Fruits and vegetables - they're tasty and they're healthy... but do you know what they really are? Hank Green, which we know for developing EcoGeek, explained on Youtube why some things are fruits, some things are vegetables, and some things are neither. Prepare to have your mind blown:
We generally consider vegetables as a side dish or a part of a salad, while fruits are seen as sweet foods for snacks and deserts, but in reality, things are much different. The term "vegetable" is somewhat arbitrary, and largely defined through culinary and cultural tradition, but in its strict sense, a vegetable is anything that is the root, stem or leaf of a plant. This means that while many of us would call rhubarb a fruit because it’s used like one, but technically, it's a vegetable. This also means that things like corn, zucchini or spring beans are actually fruits - and not vegetables, as we generally call them.
Which brings us to the next step: what's a fruit? Well, here's where it gets kind of weird: fruits are ovaries of a flowering plant that develops after its seeds are fertilized (or sometimes even without fertilization). This makes everything even stranger; for example, you'd think that by these definitions, broccoli and cauliflower are fruits, but they're not - because they haven't yet opened their flower buds. But let's get even deeper: what's a berry?

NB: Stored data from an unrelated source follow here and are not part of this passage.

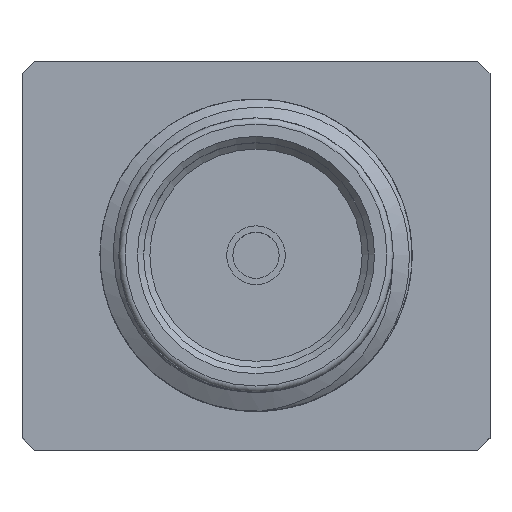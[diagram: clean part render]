
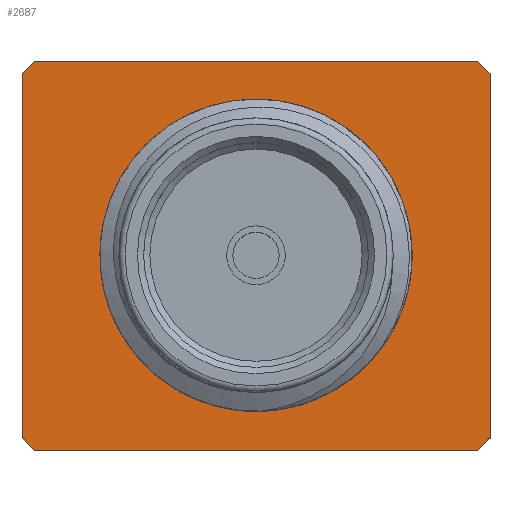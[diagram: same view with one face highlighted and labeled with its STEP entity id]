
A CAD part, top view. The second image highlights one B-rep face of the part: STEP entity #2687.
In plain terms, the highlighted planar face has unit normal (0, 0, 1).
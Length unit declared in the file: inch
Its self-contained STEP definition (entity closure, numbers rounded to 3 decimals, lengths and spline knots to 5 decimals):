
#14 = CARTESIAN_POINT ( 'NONE',  ( -0.1774, -0.15591, 0.07 ) ) ;
#29 = EDGE_CURVE ( 'NONE', #2650, #87, #2399, .T. ) ;
#39 = VERTEX_POINT ( 'NONE', #857 ) ;
#70 = ORIENTED_EDGE ( 'NONE', *, *, #322, .T. ) ;
#87 = VERTEX_POINT ( 'NONE', #2207 ) ;
#101 = EDGE_CURVE ( 'NONE', #296, #39, #972, .T. ) ;
#124 = CARTESIAN_POINT ( 'NONE',  ( 0.1774, 0.15591, 0.07 ) ) ;
#142 = VERTEX_POINT ( 'NONE', #144 ) ;
#144 = CARTESIAN_POINT ( 'NONE',  ( -0.1874, -0.14591, 0.07 ) ) ;
#176 = ORIENTED_EDGE ( 'NONE', *, *, #1518, .T. ) ;
#238 = DIRECTION ( 'NONE',  ( -1., 0., 0. ) ) ;
#242 = CARTESIAN_POINT ( 'NONE',  ( 0., 0., 0.07 ) ) ;
#258 = DIRECTION ( 'NONE',  ( 0., 0., -1. ) ) ;
#296 = VERTEX_POINT ( 'NONE', #927 ) ;
#322 = EDGE_CURVE ( 'NONE', #2796, #296, #2034, .T. ) ;
#331 = VECTOR ( 'NONE', #1483, 39.37008 ) ;
#360 = VECTOR ( 'NONE', #1595, 39.37008 ) ;
#485 = ORIENTED_EDGE ( 'NONE', *, *, #101, .T. ) ;
#488 = VECTOR ( 'NONE', #1625, 39.37008 ) ;
#530 = CARTESIAN_POINT ( 'NONE',  ( -0.1874, -0.15591, 0.07 ) ) ;
#535 = ORIENTED_EDGE ( 'NONE', *, *, #2879, .T. ) ;
#576 = EDGE_LOOP ( 'NONE', ( #2073 ) ) ;
#596 = CARTESIAN_POINT ( 'NONE',  ( -0.1874, 0.14591, 0.07 ) ) ;
#645 = CIRCLE ( 'NONE', #1098, 0.11989 ) ;
#665 = FACE_OUTER_BOUND ( 'NONE', #1823, .T. ) ;
#718 = VERTEX_POINT ( 'NONE', #1571 ) ;
#725 = DIRECTION ( 'NONE',  ( -1., 0., 0. ) ) ;
#787 = AXIS2_PLACEMENT_3D ( 'NONE', #1911, #2365, #725 ) ;
#822 = CARTESIAN_POINT ( 'NONE',  ( -0.11989, 0., 0.07 ) ) ;
#857 = CARTESIAN_POINT ( 'NONE',  ( 0.1774, 0.15591, 0.07 ) ) ;
#868 = LINE ( 'NONE', #2823, #1193 ) ;
#889 = CARTESIAN_POINT ( 'NONE',  ( -0.1874, 0.14591, 0.07 ) ) ;
#927 = CARTESIAN_POINT ( 'NONE',  ( 0.1874, 0.14591, 0.07 ) ) ;
#972 = LINE ( 'NONE', #124, #2896 ) ;
#1098 = AXIS2_PLACEMENT_3D ( 'NONE', #242, #258, #2558 ) ;
#1111 = ORIENTED_EDGE ( 'NONE', *, *, #2755, .T. ) ;
#1156 = LINE ( 'NONE', #1462, #2569 ) ;
#1193 = VECTOR ( 'NONE', #2379, 39.37008 ) ;
#1433 = VERTEX_POINT ( 'NONE', #822 ) ;
#1462 = CARTESIAN_POINT ( 'NONE',  ( -0.1874, 0.15591, 0.07 ) ) ;
#1483 = DIRECTION ( 'NONE',  ( 0., -1., 0. ) ) ;
#1518 = EDGE_CURVE ( 'NONE', #142, #2650, #868, .T. ) ;
#1570 = EDGE_CURVE ( 'NONE', #87, #2796, #1884, .T. ) ;
#1571 = CARTESIAN_POINT ( 'NONE',  ( -0.1774, 0.15591, 0.07 ) ) ;
#1595 = DIRECTION ( 'NONE',  ( -0.707, -0.707, 0. ) ) ;
#1625 = DIRECTION ( 'NONE',  ( 0., 1., 0. ) ) ;
#1655 = FACE_BOUND ( 'NONE', #576, .T. ) ;
#1823 = EDGE_LOOP ( 'NONE', ( #1111, #2079, #535, #176, #1856, #2277, #70, #485 ) ) ;
#1855 = VERTEX_POINT ( 'NONE', #596 ) ;
#1856 = ORIENTED_EDGE ( 'NONE', *, *, #29, .T. ) ;
#1884 = LINE ( 'NONE', #2621, #2808 ) ;
#1911 = CARTESIAN_POINT ( 'NONE',  ( 0., 0., 0.07 ) ) ;
#1938 = EDGE_CURVE ( 'NONE', #718, #1855, #2445, .T. ) ;
#1992 = DIRECTION ( 'NONE',  ( -0.707, 0.707, 0. ) ) ;
#2034 = LINE ( 'NONE', #2995, #488 ) ;
#2073 = ORIENTED_EDGE ( 'NONE', *, *, #2097, .T. ) ;
#2079 = ORIENTED_EDGE ( 'NONE', *, *, #1938, .T. ) ;
#2097 = EDGE_CURVE ( 'NONE', #1433, #1433, #645, .T. ) ;
#2207 = CARTESIAN_POINT ( 'NONE',  ( 0.1774, -0.15591, 0.07 ) ) ;
#2277 = ORIENTED_EDGE ( 'NONE', *, *, #1570, .T. ) ;
#2310 = LINE ( 'NONE', #530, #331 ) ;
#2365 = DIRECTION ( 'NONE',  ( 0., 0., -1. ) ) ;
#2372 = PLANE ( 'NONE',  #787 ) ;
#2379 = DIRECTION ( 'NONE',  ( 0.707, -0.707, 0. ) ) ;
#2381 = CARTESIAN_POINT ( 'NONE',  ( 0.1874, -0.14591, 0.07 ) ) ;
#2385 = DIRECTION ( 'NONE',  ( 0.707, 0.707, 0. ) ) ;
#2399 = LINE ( 'NONE', #2901, #2938 ) ;
#2445 = LINE ( 'NONE', #889, #360 ) ;
#2558 = DIRECTION ( 'NONE',  ( -1., 0., 0. ) ) ;
#2569 = VECTOR ( 'NONE', #238, 39.37008 ) ;
#2621 = CARTESIAN_POINT ( 'NONE',  ( 0.1874, -0.14591, 0.07 ) ) ;
#2650 = VERTEX_POINT ( 'NONE', #14 ) ;
#2667 = DIRECTION ( 'NONE',  ( 1., 0., 0. ) ) ;
#2687 = ADVANCED_FACE ( 'NONE', ( #1655, #665 ), #2372, .F. ) ;
#2755 = EDGE_CURVE ( 'NONE', #39, #718, #1156, .T. ) ;
#2796 = VERTEX_POINT ( 'NONE', #2381 ) ;
#2808 = VECTOR ( 'NONE', #2385, 39.37008 ) ;
#2823 = CARTESIAN_POINT ( 'NONE',  ( -0.1774, -0.15591, 0.07 ) ) ;
#2879 = EDGE_CURVE ( 'NONE', #1855, #142, #2310, .T. ) ;
#2896 = VECTOR ( 'NONE', #1992, 39.37008 ) ;
#2901 = CARTESIAN_POINT ( 'NONE',  ( -0.1874, -0.15591, 0.07 ) ) ;
#2938 = VECTOR ( 'NONE', #2667, 39.37008 ) ;
#2995 = CARTESIAN_POINT ( 'NONE',  ( 0.1874, -0.15591, 0.07 ) ) ;

The botanical definition of a berry is a fleshy fruit produced from a single flower and containing one ovary. Grapes and bananas are two common examples, while strawberries, despite their name... are not berries. Actually, strawberries are not even fruits, they're a very particular thing in botany. The red fleshy part that we call a strawberry is actually just nutritive tissue, and what we call the 'seeds' of the strawberry are actually the fruits. The tomato is also a berry.